**About this task**
Write out the lines below once more, exactly as they appear. Do not include pictures.

:::::

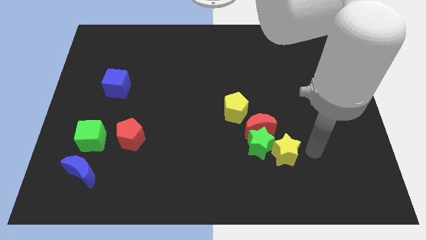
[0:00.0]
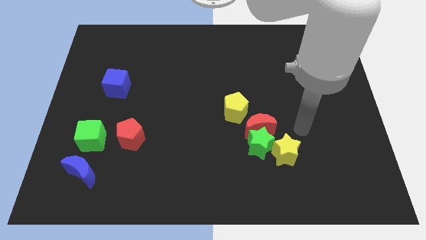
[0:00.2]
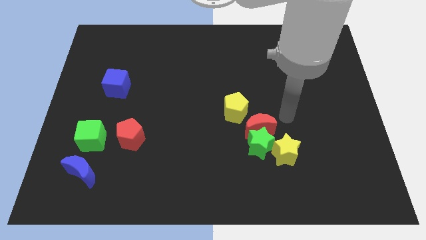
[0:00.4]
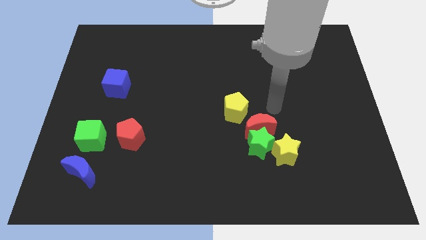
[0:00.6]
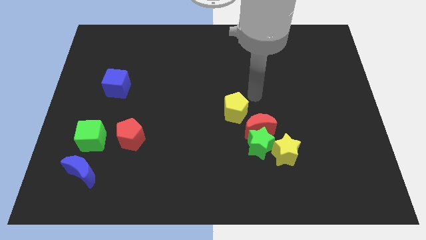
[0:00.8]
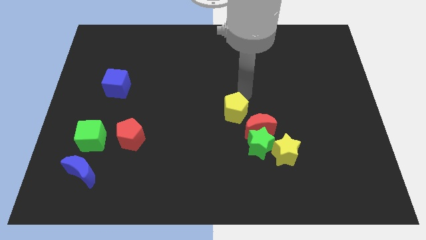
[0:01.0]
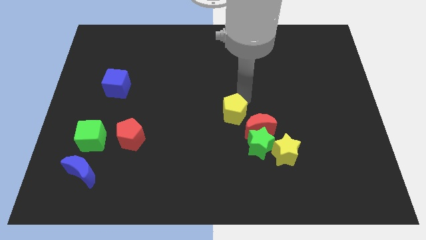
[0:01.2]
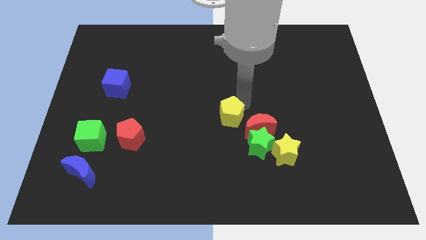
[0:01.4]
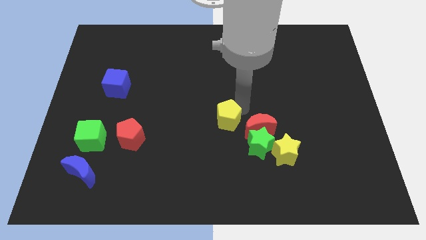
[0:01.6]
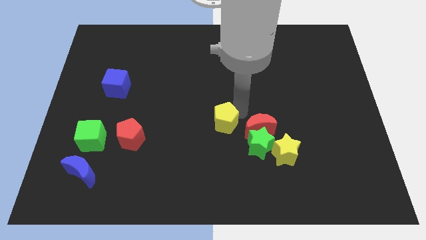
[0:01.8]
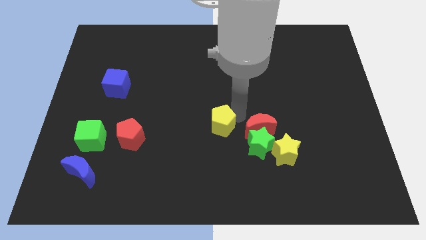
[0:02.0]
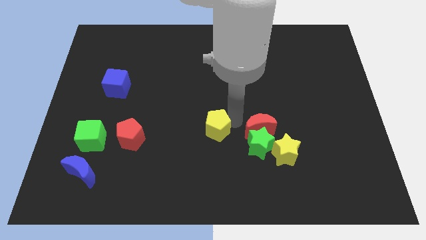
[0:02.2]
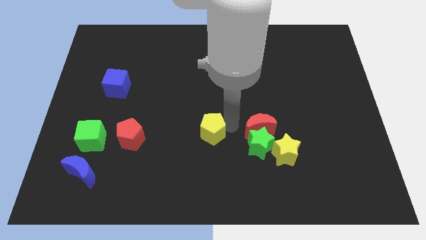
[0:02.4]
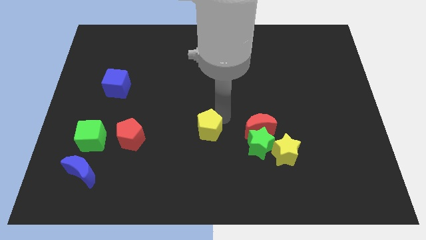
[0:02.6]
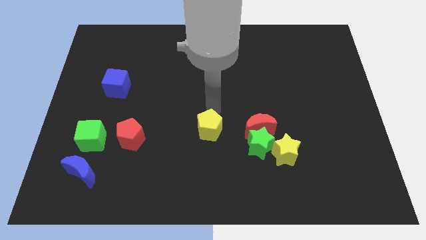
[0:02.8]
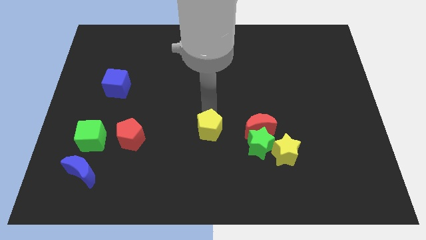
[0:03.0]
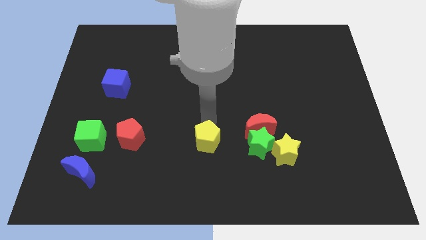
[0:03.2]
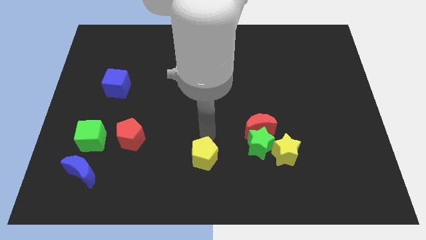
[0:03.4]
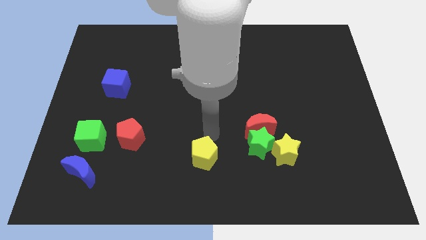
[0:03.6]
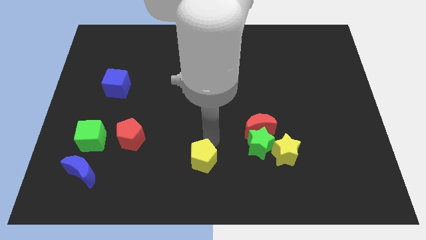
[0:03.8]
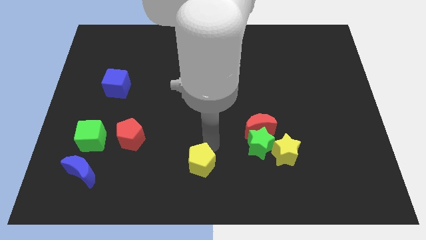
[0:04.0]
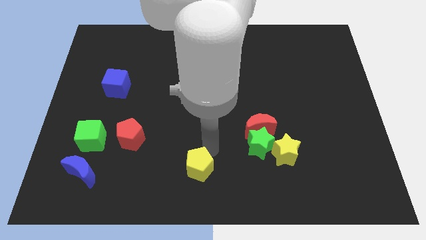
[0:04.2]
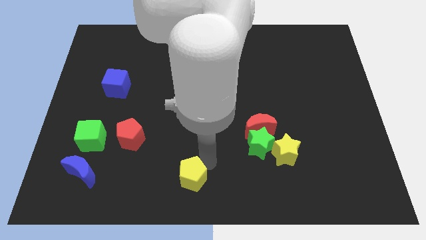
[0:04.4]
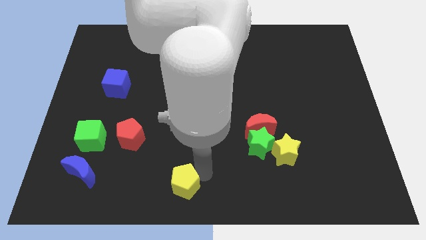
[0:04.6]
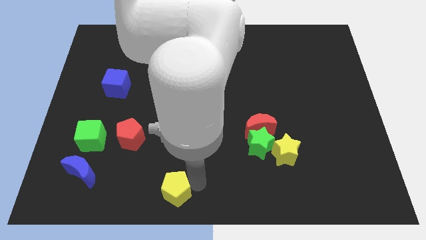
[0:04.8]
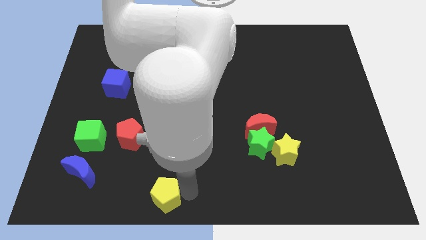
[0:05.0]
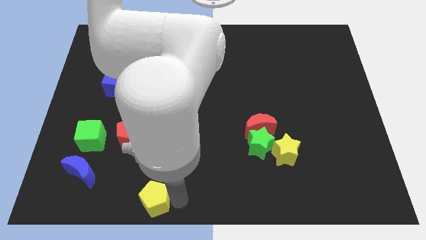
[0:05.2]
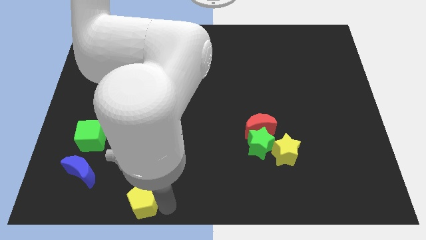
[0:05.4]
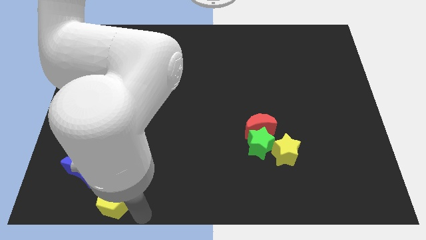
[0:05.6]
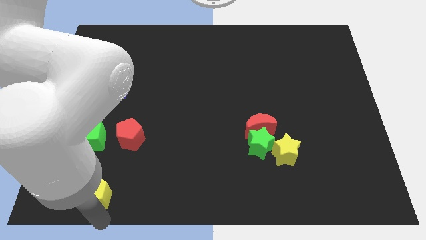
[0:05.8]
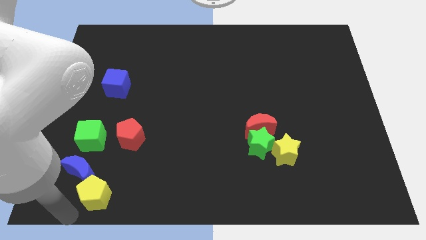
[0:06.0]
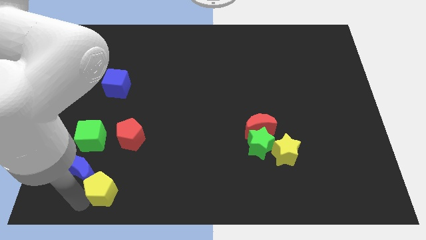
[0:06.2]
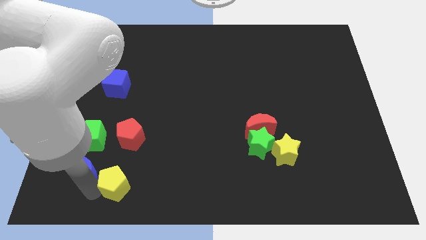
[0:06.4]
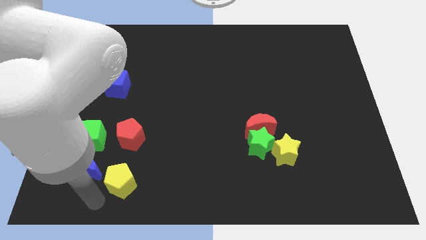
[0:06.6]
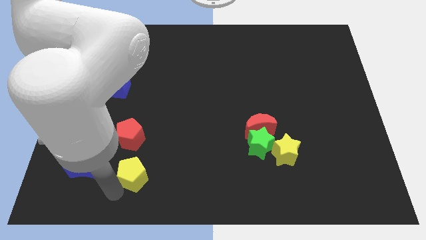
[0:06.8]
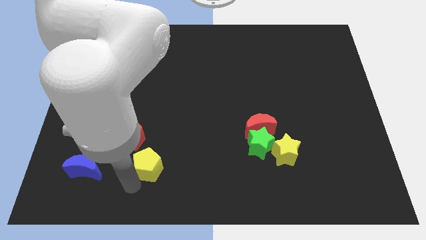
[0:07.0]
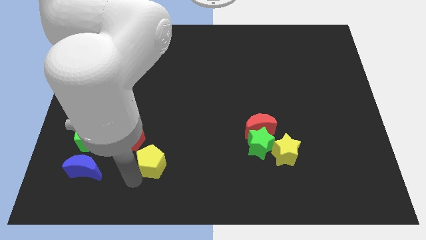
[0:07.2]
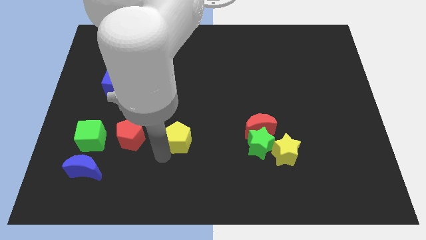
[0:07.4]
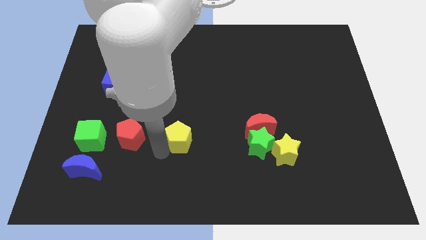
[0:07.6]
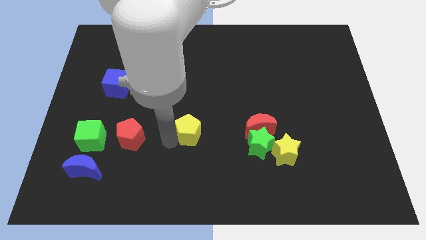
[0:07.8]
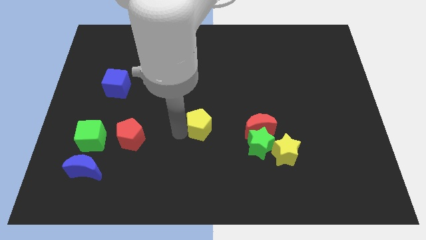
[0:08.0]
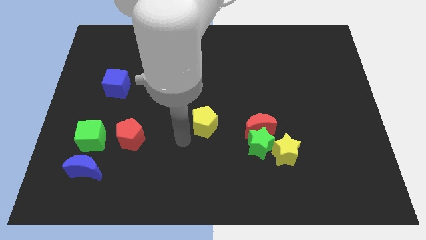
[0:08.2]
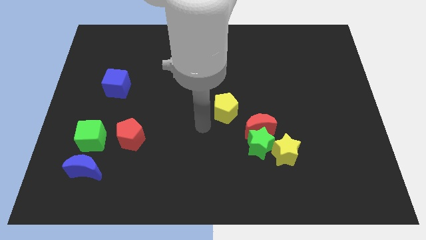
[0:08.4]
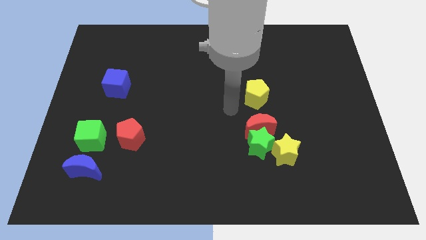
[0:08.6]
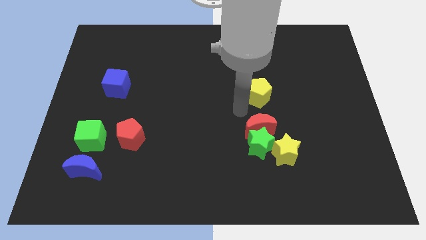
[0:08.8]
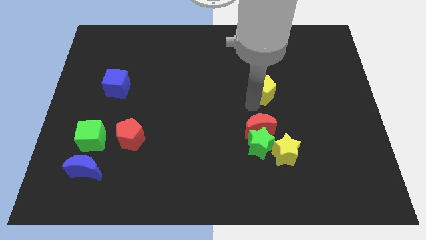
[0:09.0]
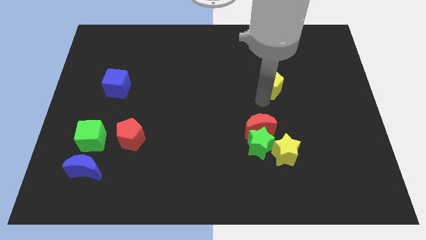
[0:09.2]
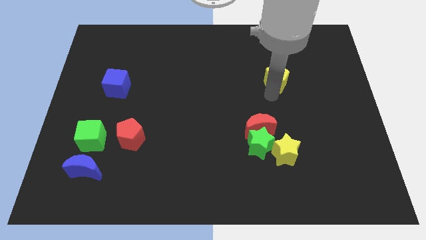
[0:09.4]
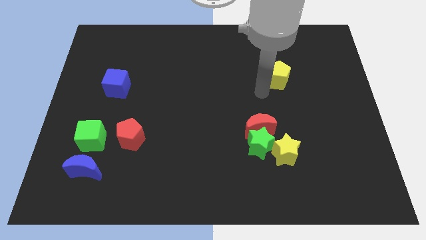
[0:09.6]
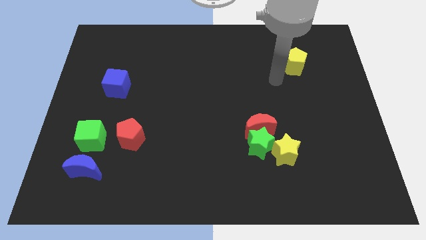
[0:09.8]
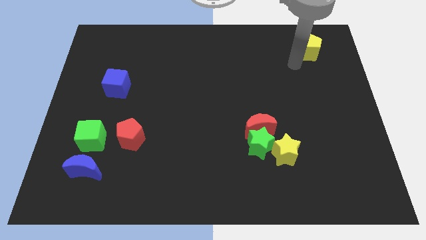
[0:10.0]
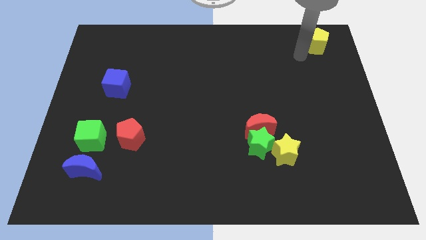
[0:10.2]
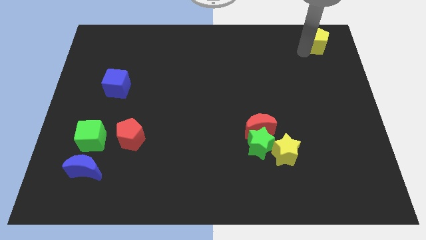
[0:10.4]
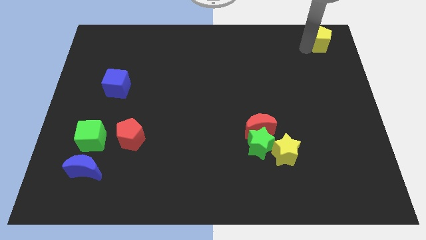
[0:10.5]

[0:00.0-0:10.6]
put the yellow pentagon to the top right of the board

:::::

**Response for this exercise**
[0:00.0]
[0:00.2]
[0:00.4]
[0:00.6]
[0:00.8]
[0:01.0]
[0:01.2]
[0:01.4]
[0:01.6]
[0:01.8]
[0:02.0]
[0:02.2]
[0:02.4]
[0:02.6]
[0:02.8]
[0:03.0]
[0:03.2]
[0:03.4]
[0:03.6]
[0:03.8]
[0:04.0]
[0:04.2]
[0:04.4]
[0:04.6]
[0:04.8]
[0:05.0]
[0:05.2]
[0:05.4]
[0:05.6]
[0:05.8]
[0:06.0]
[0:06.2]
[0:06.4]
[0:06.6]
[0:06.8]
[0:07.0]
[0:07.2]
[0:07.4]
[0:07.6]
[0:07.8]
[0:08.0]
[0:08.2]
[0:08.4]
[0:08.6]
[0:08.8]
[0:09.0]
[0:09.2]
[0:09.4]
[0:09.6]
[0:09.8]
[0:10.0]
[0:10.2]
[0:10.4]
[0:10.5]

[0:00.0-0:10.6]
put the yellow pentagon to the top right of the board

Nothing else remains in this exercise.